The Story of SA’s First Nuncio
100 Years Papal Representation in SA –
A hundred years ago, on April 13, 1923, a Dutch Dominican archbishop set sail for South Africa. At his destination, the whole region’s Catholic Church was keenly — and in some cases anxiously — awaiting his arrival on April 30, for Archbishop Bernard Jordan Gijlswijk came to serve as the first papal representative to the region.
That was a big deal — so big that a hundred years later, the bishops of Southern Africa are celebrating the centenary of papal representation in our region. The Southern Cross covered Archbishop Gijlswijk’s appointment by Pope Pius XI extensively, even interviewing the newly-ordained, 52-year-old archbishop at his residence in The Hague, Netherlands.
The interview was conducted by Fr Pierce, who had been providentially waylaid in Holland en route to Rome. In the issue of March 3, 1923, the priest described meeting the apostolic delegate. “My old heart was going pitty-pat” as he rung the doorbell, Fr Pierce wrote. But the nerves calmed when Archbishop Gijlswijk opened the door. “His smile, his cordial welcome, his strong and hearty handshake, put me at ease immediately.”
Archbishop Gijlswijk assured the readers of The Southern Cross that “the Church has a glorious future awaiting her in South Africa”. The Southern Cross, still only just over two years in existence, “is destined to play an important role” in that future, he predicted, before handwriting a special blessing for the newspaper, its staff and readers.
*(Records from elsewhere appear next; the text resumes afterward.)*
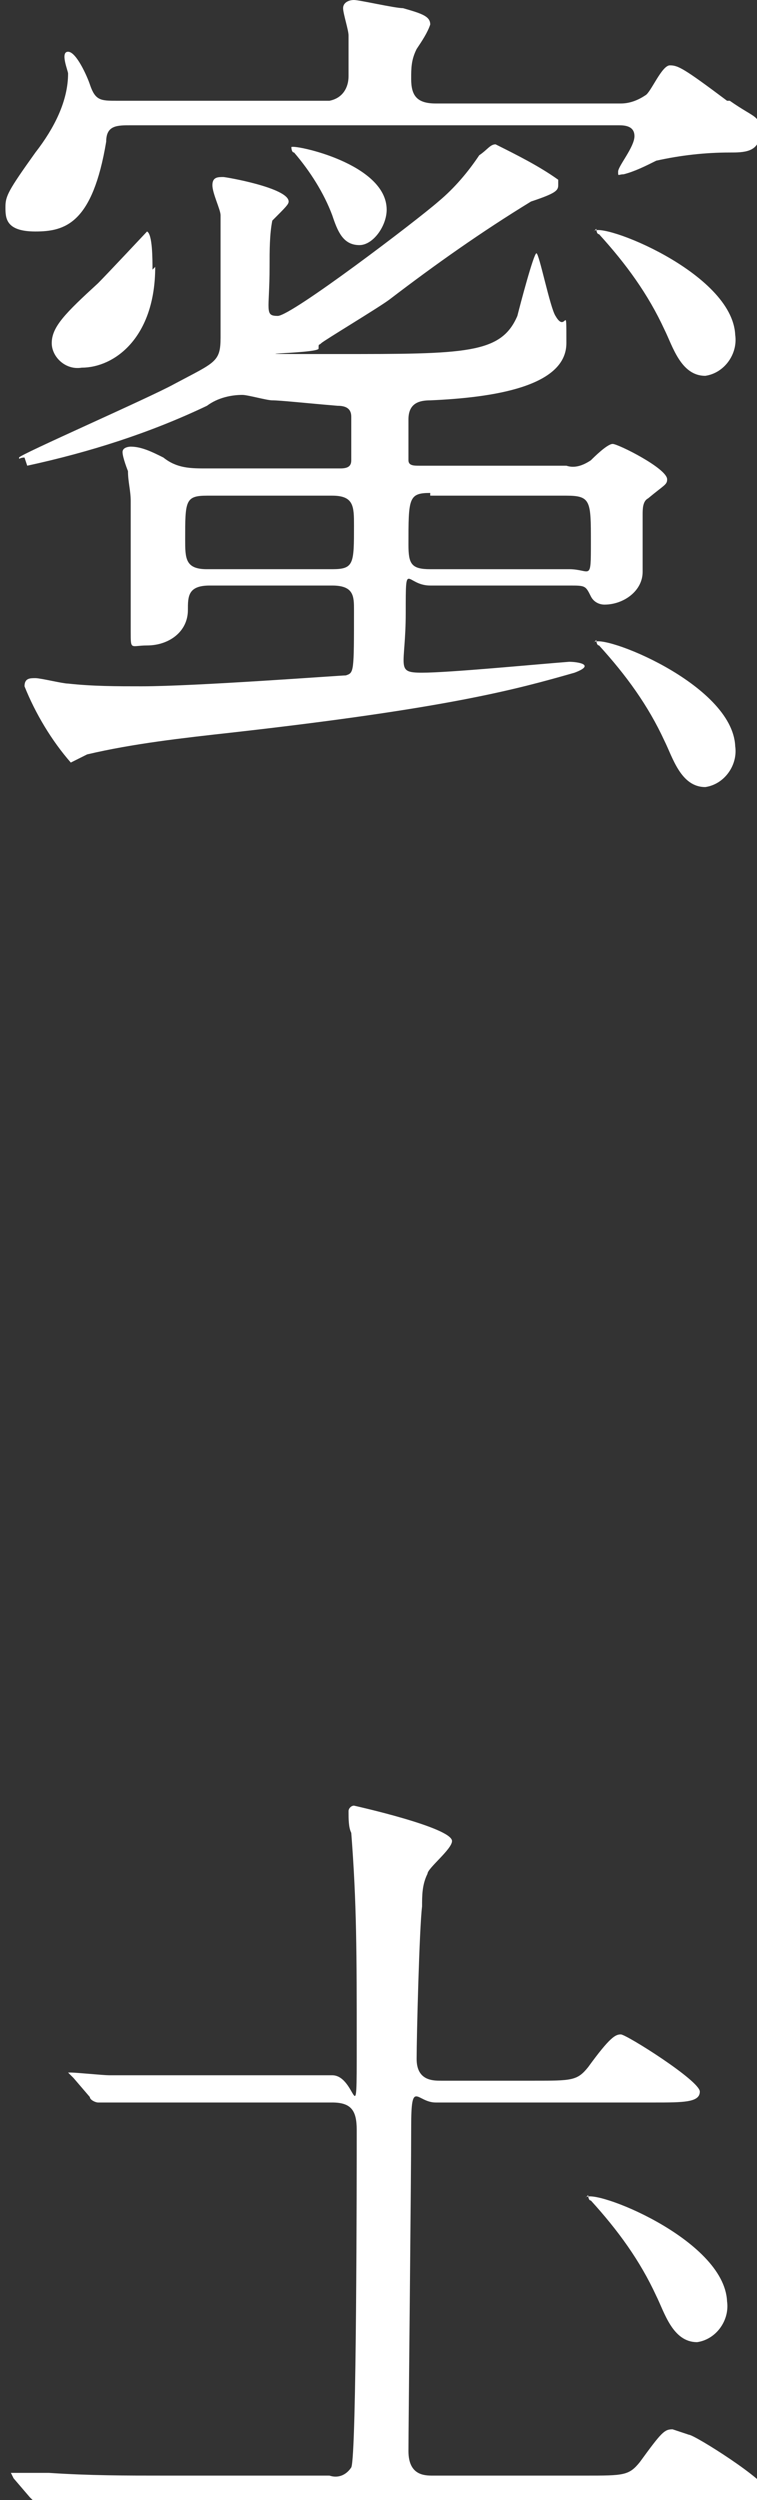 <?xml version="1.0" encoding="UTF-8"?>
<svg id="_レイヤー_1" data-name="レイヤー_1" xmlns="http://www.w3.org/2000/svg" version="1.1" viewBox="0 0 27.8 91.8">
  <rect x="0" y="0" width="27.8" height="91.8" fill="#333333" stroke="none"/>
  <!-- Generator: Adobe Illustrator 29.3.1, SVG Export Plug-In . SVG Version: 2.1.0 Build 151)  -->
  <defs>
    <style>
      .st0 {
        fill: #fff;
      }
    </style>
  </defs>
  <g id="_グループ_335" data-name="グループ_335">
    <path id="_パス_1030" data-name="パス_1030" class="st0" d="M5.6,9.9c0-.4,0-1.3-.2-1.4,0,0-1.5,1.6-1.8,1.9-1.2,1.1-1.7,1.6-1.7,2.2,0,.5.5,1,1.1.9,1.2,0,2.7-1.1,2.7-3.7"/>
    <path id="_パス_1031" data-name="パス_1031" class="st0" d="M1,17.1c2.3-.5,4.5-1.2,6.6-2.2.4-.3.9-.4,1.3-.4.2,0,.9.2,1.1.2.3,0,1.2.1,2.4.2h0c.3,0,.5.1.5.4,0,.6,0,1.4,0,1.6s-.1.3-.4.3h-4.9c-.6,0-1.1,0-1.6-.4-.4-.2-.8-.4-1.2-.4,0,0-.3,0-.3.2s.2.7.2.7c0,.4.1.7.1,1.1,0,.8,0,4.1,0,4.8s0,.5.6.5c.8,0,1.5-.5,1.5-1.3,0,0,0,0,0,0,0-.5,0-.9.8-.9h4.5c.8,0,.8.4.8.9,0,2.3,0,2.3-.3,2.4-.2,0-5.5.4-7.5.4-.9,0-1.8,0-2.7-.1-.2,0-1-.2-1.2-.2s-.4,0-.4.3c.4,1,1,2,1.7,2.8.2-.1.4-.2.6-.3,1.7-.4,3.5-.6,5.3-.8,8-.9,10.5-1.6,12.6-2.2.8-.3.1-.4-.2-.4-1.3.1-4.4.4-5.4.4s-.6-.2-.6-2.2,0-1,.9-1h5.1c.6,0,.6,0,.8.4.1.2.3.3.5.3.7,0,1.4-.5,1.4-1.2,0,0,0,0,0-.1,0-.3,0-1.7,0-2,0-.2,0-.5.2-.6.6-.5.7-.5.7-.7,0-.4-1.8-1.3-2-1.3s-.7.5-.8.6c-.3.2-.6.3-.9.2h-5.4c-.2,0-.4,0-.4-.2,0-.6,0-1.1,0-1.5,0-.6.4-.7.8-.7h0c2.3-.1,5-.5,5-2.1s0-.3-.4-1c-.2-.3-.6-2.3-.7-2.3s-.6,1.9-.7,2.3c-.6,1.4-1.9,1.4-6.6,1.4s-.7,0-.7-.2,0-.1.1-.2,2.1-1.3,2.5-1.6c1.7-1.3,3.4-2.5,5.2-3.6.9-.3,1-.4,1-.6,0,0,0-.1,0-.2-.7-.5-1.5-.9-2.3-1.3-.2,0-.3.2-.6.4-.4.6-.9,1.2-1.5,1.7-.8.7-5.4,4.2-5.9,4.2s-.3-.2-.3-1.8c0-.6,0-1.2.1-1.7.5-.5.6-.6.6-.7,0-.5-2.3-.9-2.4-.9-.2,0-.4,0-.4.3s.3.9.3,1.1c0,.6,0,3.6,0,4.5s-.2.9-1.7,1.7c-.9.5-5.7,2.6-5.7,2.7s0,0,.2,0M12.2,20.9h-4.6c-.8,0-.8-.4-.8-1.1,0-1.4,0-1.6.8-1.6h4.6c.8,0,.8.4.8,1.1,0,1.4,0,1.6-.8,1.6M15.8,18.2h5c.9,0,.9.2.9,1.7s0,1-.8,1h-5.1c-.7,0-.8-.2-.8-.9,0-1.7,0-1.9.8-1.9"/>
    <path id="_パス_1032" data-name="パス_1032" class="st0" d="M26.7,3.7c-1.6-1.2-1.8-1.3-2.1-1.3s-.7,1-.9,1.1c-.3.2-.6.3-.9.3h-6.8c-.7,0-.9-.3-.9-.9,0-.4,0-.7.2-1.1.2-.3.4-.6.5-.9,0-.3-.3-.4-1-.6C14.5.3,13.2,0,13,0c-.2,0-.4.1-.4.3,0,0,0,0,0,0,0,.2.2.8.2,1,0,.5,0,1,0,1.5,0,.4-.2.8-.7.9,0,0-.1,0-.2,0h-7.6c-.6,0-.8,0-1-.6-.1-.3-.5-1.2-.8-1.2s0,.7,0,.8c0,1-.5,2-1.2,2.9C.3,7,.2,7.2.2,7.6s0,.9,1.1.9,2.1-.3,2.6-3.3c0-.6.4-.6.9-.6h17.9c.2,0,.6,0,.6.4s-.6,1.1-.6,1.3,0,.1.2.1c.4-.1.8-.3,1.2-.5.9-.2,1.8-.3,2.7-.3.5,0,1.1,0,1.1-.7s-.1-.5-1.1-1.2"/>
    <path id="_パス_1033" data-name="パス_1033" class="st0" d="M13.2,9c.5,0,1-.7,1-1.3,0-1.7-3.4-2.4-3.5-2.3,0,0,0,.2.1.2.6.7,1.1,1.5,1.4,2.3.2.6.4,1.1,1,1.1"/>
    <path id="_パス_1034" data-name="パス_1034" class="st0" d="M24.7,89.2c-.3,0-.4.1-1.2,1.2-.4.5-.6.5-2,.5h-5.6c-.3,0-.9,0-.9-.9s.1-10.1.1-11.9.2-.9.9-.9h8c1.1,0,1.7,0,1.7-.4s-2.7-2.1-2.9-2.1-.4.1-1.2,1.2c-.4.5-.6.5-2,.5h-3.4c-.3,0-.9,0-.9-.8s.1-4.8.2-5.6c0-.4,0-.8.2-1.2,0-.2.9-.9.9-1.2,0-.5-3.6-1.3-3.6-1.3-.1,0-.2.1-.2.2,0,0,0,0,0,0,0,.3,0,.6.1.8.2,2.6.2,4.4.2,7.8s0,1.1-.9,1.1h-3.9c-1.5,0-2.7,0-4.3,0-.2,0-1.2-.1-1.4-.1s-.1,0-.1,0,0,0,.2.2l.6.7c0,.1.2.2.3.2s.6,0,.7,0c.4,0,1.8,0,3.9,0h4c.7,0,.9.3.9,1,0,1.5,0,12-.2,12.4-.2.3-.5.4-.8.3h-6c-1.5,0-2.8,0-4.3-.1-.2,0-1.2,0-1.4,0s0,0,0,0,0,0,.1.2l.6.7c.1.1.2.2.3.2s.6,0,.7,0c.3,0,1.2,0,4,0h20.4c1.1,0,1.7,0,1.7-.4s-2.7-2.1-2.9-2.1"/>
    <path id="_パス_1035" data-name="パス_1035" class="st0" d="M21.6,80.6s0,.2.1.2c1,1.1,1.8,2.2,2.4,3.5.3.6.6,1.7,1.5,1.7.7-.1,1.2-.8,1.1-1.5,0,0,0,0,0,0-.1-2.3-5-4.2-5.2-3.8"/>
    <path id="_パス_1036" data-name="パス_1036" class="st0" d="M21.9,8.4s0,.2.1.2c1,1.1,1.8,2.2,2.4,3.5.3.6.6,1.7,1.5,1.7.7-.1,1.2-.8,1.1-1.5,0,0,0,0,0,0-.1-2.3-5-4.2-5.2-3.8"/>
    <path id="_パス_1037" data-name="パス_1037" class="st0" d="M21.9,23.5s0,.2.1.2c1,1.1,1.8,2.2,2.4,3.5.3.6.6,1.7,1.5,1.7.7-.1,1.2-.8,1.1-1.5,0,0,0,0,0,0-.1-2.3-5-4.2-5.2-3.8"/>
  </g>
</svg>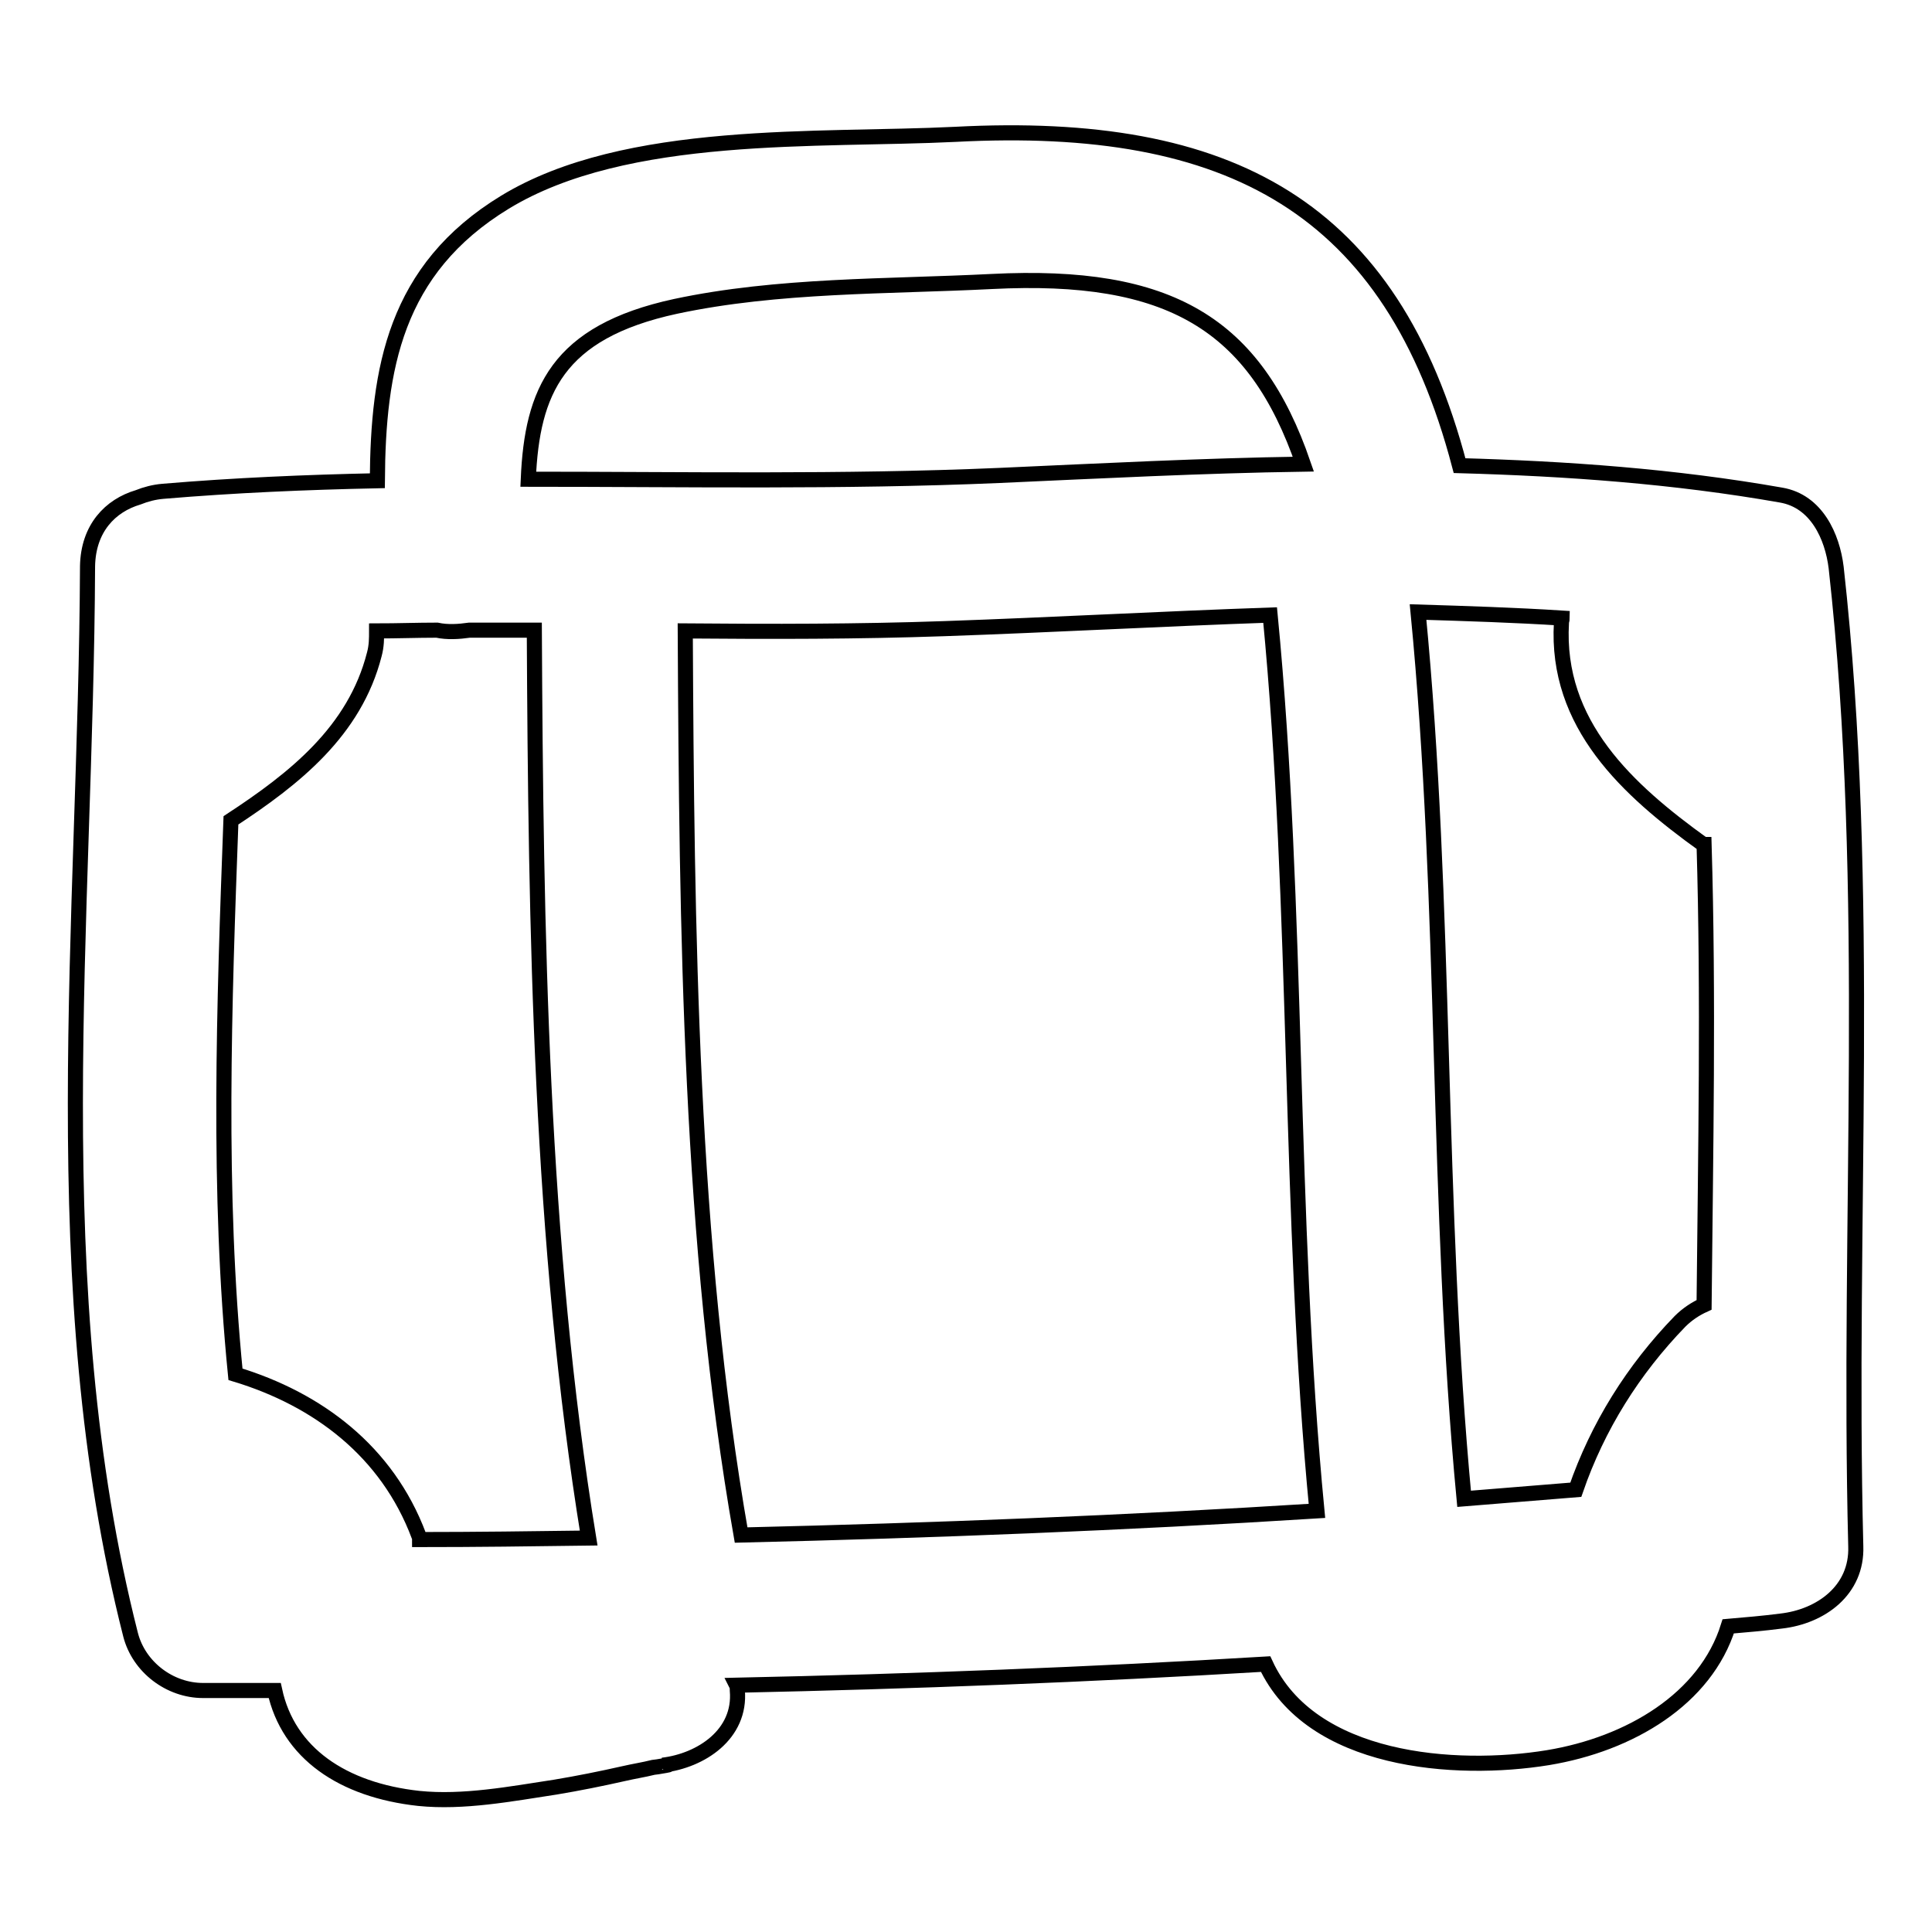 <?xml version="1.0" encoding="utf-8"?>
<!-- Svg Vector Icons : http://www.onlinewebfonts.com/icon -->
<!DOCTYPE svg PUBLIC "-//W3C//DTD SVG 1.1//EN" "http://www.w3.org/Graphics/SVG/1.1/DTD/svg11.dtd">
<svg version="1.1" xmlns="http://www.w3.org/2000/svg" xmlns:xlink="http://www.w3.org/1999/xlink" x="0px" y="0px" viewBox="0 0 256 256" enable-background="new 0 0 256 256" xml:space="preserve">
<g><g><g><path stroke-width="2" fill-opacity="0" stroke="#000000"  d="M26.9,224c3.2,0,6.3,0,9.5,0c1.8,8.3,9,13.2,19.1,14.3c5.9,0.6,12.2-0.6,18.1-1.5c3-0.5,6-1.1,9.1-1.8c1.3-0.3,2.6-0.5,3.8-0.8c0.2,0,3.8-0.6,1.3-0.3c5.1-0.6,10.4-4.1,9.9-9.9c0-0.2,0-0.5-0.1-0.7c23.4-0.5,46.8-1.4,70.1-2.8c6,13,25.1,14.4,37.4,12.4c10.9-1.8,20.9-7.8,23.9-17.4c2.3-0.2,4.7-0.4,7-0.7c5.3-0.6,10.1-4.1,9.9-9.9c-1.1-43.3,2.2-86.6-2.6-129.7c-0.5-4.1-2.6-8.8-7.3-9.6c-14.2-2.5-28.4-3.5-42.6-3.9c-9-34.3-30.4-45.8-66.8-43.9C108.5,18.7,83,17,66.9,26.8c-14.6,8.9-16.8,22.1-16.9,36.9c-9.5,0.2-18.9,0.6-28.4,1.4c-1.2,0.1-2.3,0.4-3.3,0.8c-3.7,1.1-6.6,4.1-6.7,9.1c-0.2,46.9-6,95.6,5.7,141.6C18.4,220.9,22.5,224,26.9,224z M207,81.9c0,0.2-0.1,0.4-0.1,0.6c-0.8,13.5,8.8,22.2,18.8,29.4c0,0,0.1,0,0.1,0c0.6,20.3,0.2,40.7,0,61c-1.1,0.5-2.2,1.2-3.2,2.2c-6.2,6.4-10.9,13.9-13.8,22.3c-4.9,0.4-9.8,0.8-14.8,1.2c-3.7-39.1-2.3-78.4-6.1-117.5C194.4,81.3,200.7,81.5,207,81.9z M98.2,203.4c-6.8-38.8-7.2-80.4-7.4-119.8c11.4,0.1,22.9,0.1,34.3-0.3c14.4-0.5,28.8-1.3,43.2-1.8c3.8,39.4,2.4,79.2,6.2,118.7C149.1,201.8,123.6,202.8,98.2,203.4z M89.5,40.6c13.6-2.9,28.1-2.6,41.9-3.3c23.6-1.2,34.9,5.6,41.3,24.2c-13.4,0.2-26.9,0.9-40.3,1.5c-20.8,0.9-41.6,0.5-62.4,0.5C70.5,51.9,73.8,44,89.5,40.6z M30.6,108.7c8.4-5.5,16.4-11.8,19-22c0.3-1.1,0.3-2.1,0.3-3.1c2.7,0,5.4-0.1,8-0.1c1.4,0.3,2.9,0.2,4.3,0c2.9,0,5.7,0,8.6,0c0.2,39.7,0.8,81.1,7.2,120.3c-7.5,0.1-15,0.2-22.4,0.2c0-0.2,0-0.4-0.1-0.5c-4.2-11.2-13.4-18.1-24.3-21.4C28.8,157.9,29.7,133.2,30.6,108.7z"/></g><g></g><g></g><g></g><g></g><g></g><g></g><g></g><g></g><g></g><g></g><g></g><g></g><g></g><g></g><g></g></g></g>
</svg>

He was speaking from some experience, having visited the country in 1921-22, when Pope Benedict XV was still alive.
Receiving an apostolic delegate, he said, “is a reward for the good that has been done during the past by all the Catholics in the land, irrespective of class or colour. You are now much more united to Rome and the pope.”
Caribbean posting
Archbishop Gijlswijk was born on November 9, 1870, in the Dutch town of Delft, and ordained to the priesthood as a Dominican in 1898. He was sent to serve on the Caribbean island of Curaçao, then (as now) a Dutch possession, for the following two decades. In October 1921, the Holy See sent Fr Gijlswijk on a visitation to the Dominican Sisters in South Africa and Rhodesia (now Zambia and Zimbabwe).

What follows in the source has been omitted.